The hospital’s facilities are largely outdated, they said. Most Mass. General patients have to share rooms. Only 38 percent of rooms are private, among the lowest percentages in the city, said Dr. Peter Slavin, president of Mass. General.
“If this region wants a world-class academic medical center like MGH, we have to renew our campus and keep it modern and terrific for our patients and competitive not only with local competition but the national competition as well,” Slavin said.
Mass. General currently has more than 1,000 beds and is usually filled almost to capacity, officials said. On any given day, dozens of beds may have to go unused because of infection control and other reasons.
During a tour one recent afternoon, the emergency department was full, as patients spilled into the hallways. More than 30 were waiting to be admitted, but no beds were immediately available.
“We always have patients down here waiting to be admitted,” said Dr. David Brown, chief of emergency medicine. “More beds will help to relieve that pressure.”
While most of Mass. General’s patients are from Massachusetts or New England, the hospital also competes for patients with complex medical needs from all over the world. About 3 percent of its patients are from states outside the region, and 1 percent are from other countries, hospital officials told the Globe.
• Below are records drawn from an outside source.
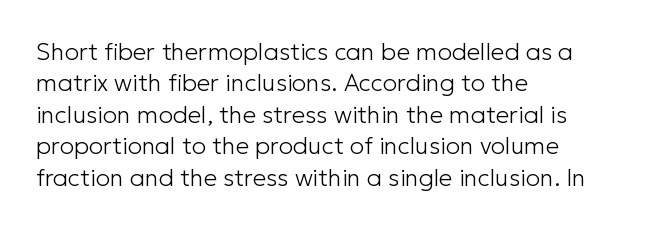
The image shows 24 px text type, upright; set left-aligned, normal line spacing (1.31x), normal letter spacing, not underlined.
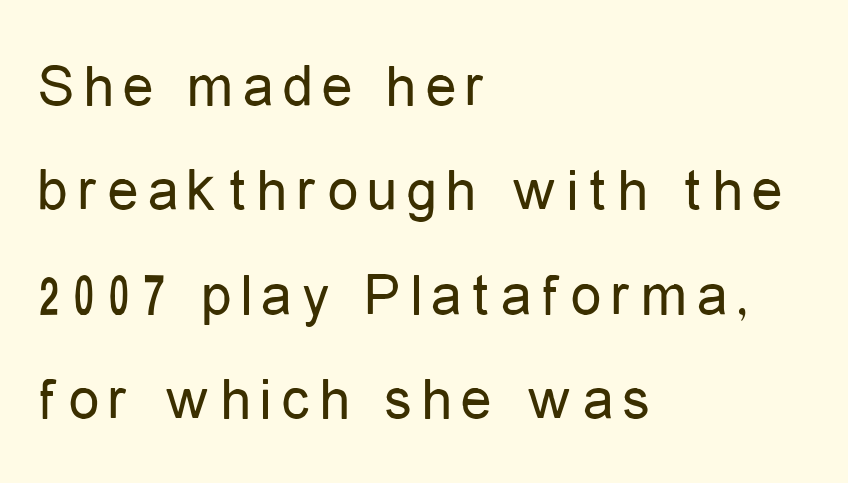
The image shows 61 px regular-weight, condensed sans-serif type, upright; set left-aligned, line spacing 1.71x, not underlined; low stroke contrast and a medium x-height.
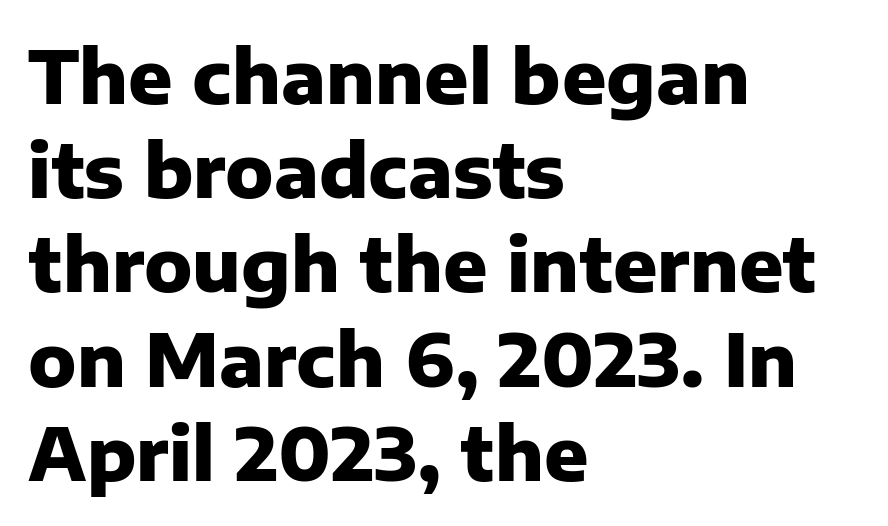
The image shows 73 px heavy sans-serif type, upright; set left-aligned, normal line spacing (1.29x), normal letter spacing, not underlined; low stroke contrast and a medium x-height.
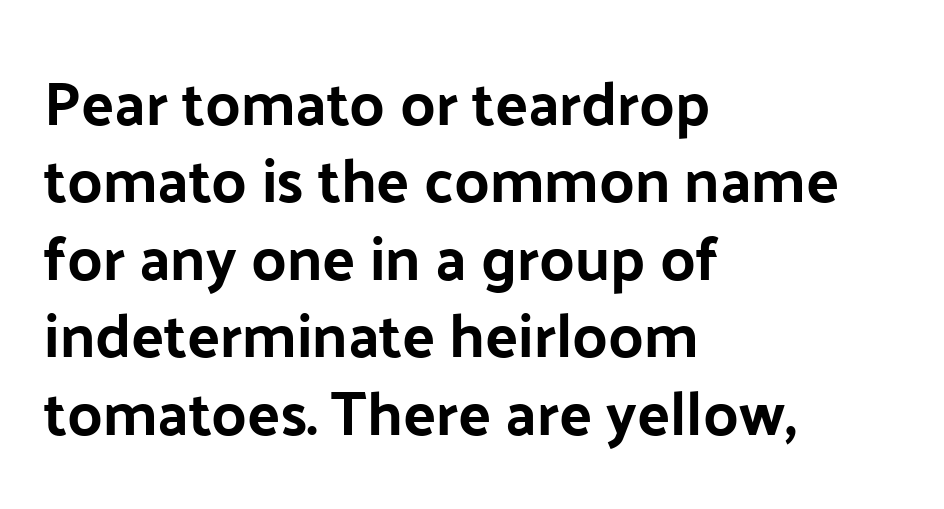
The passage is arranged the way most books set body copy — flush left. Typographically, this falls in the sans-serif category. Heavy, bold letterforms. The space directly below the letters is spotless. Characters follow at the spacing the type designer built in. These lines were composed using upright roman letters.

Patient numbers have been growing, as have profits: Mass. General earned $252.4 million in income from operations last fiscal year, on revenue of almost $4.1 billion.
Founded more than two centuries ago, Mass. General’s campus is a mix of old and new. Some patient floors still in use today were constructed around the time of World War II. Patients in those areas are paired up, separated by just a curtain.
By comparison, the hospital’s last big addition, the Lunder building, has spacious single rooms, giving patients and families more privacy, and a quieter place to recover.
The proposed new building, which has yet to be named, would be twice as large as Lunder, which opened in 2011. It would include 450 single patient rooms, but hospital officials also plan to close and repurpose older patient areas, so they ultimately expect to gain about 100 to 200 new patient beds, they said.
Mass. General, which is structured as a nonprofit, recently began a campaign to raise $3 billion from private donors for the hospital’s programs over seven years. Hospital officials expect that about 20 percent to 30 percent of the cost of the new building would be paid for by donations.
The project still needs approval from several agencies including the Boston Planning & Development Agency and the state Department of Public Health. It also could be reviewed by the Health Policy Commission, which studies issues that affect the cost of health care.
In 2016, the commission warned that Boston Children’s Hospital’s expansion was likely to raise medical costs by drawing patients from other lower-priced hospitals. The Department of Public Health later approved that project with conditions. Mass. General’s project could face similar scrutiny.
Mayor Martin J. Walsh, in a statement Tuesday, voiced initial support for Mass. General’s plans.
“It’s important that our hospitals are making the improvements needed to keep Boston at the global forefront of health care,” Walsh said. “We look forward to closely reviewing Mass. General Hospital’s proposal once it is filed and beginning the comprehensive public process with input from the community.”
City Councilor Josh Zakim, whose district includes Mass. General, noted the hospital is not trying to acquire new land but is staying within its existing footprint.
“It’s certainly a significant project, but it’s not encroaching on the neighborhood,” Zakim said. “We do need to make sure we have modern facilities, enough beds for people from around the world to get treatment here.”
Zakim added that he’d like to see the hospital contribute to traffic improvements on Cambridge Street, which is often congested.
“They’ve generally been a good neighbor,” he said. “I’m looking forward to seeing where this goes.”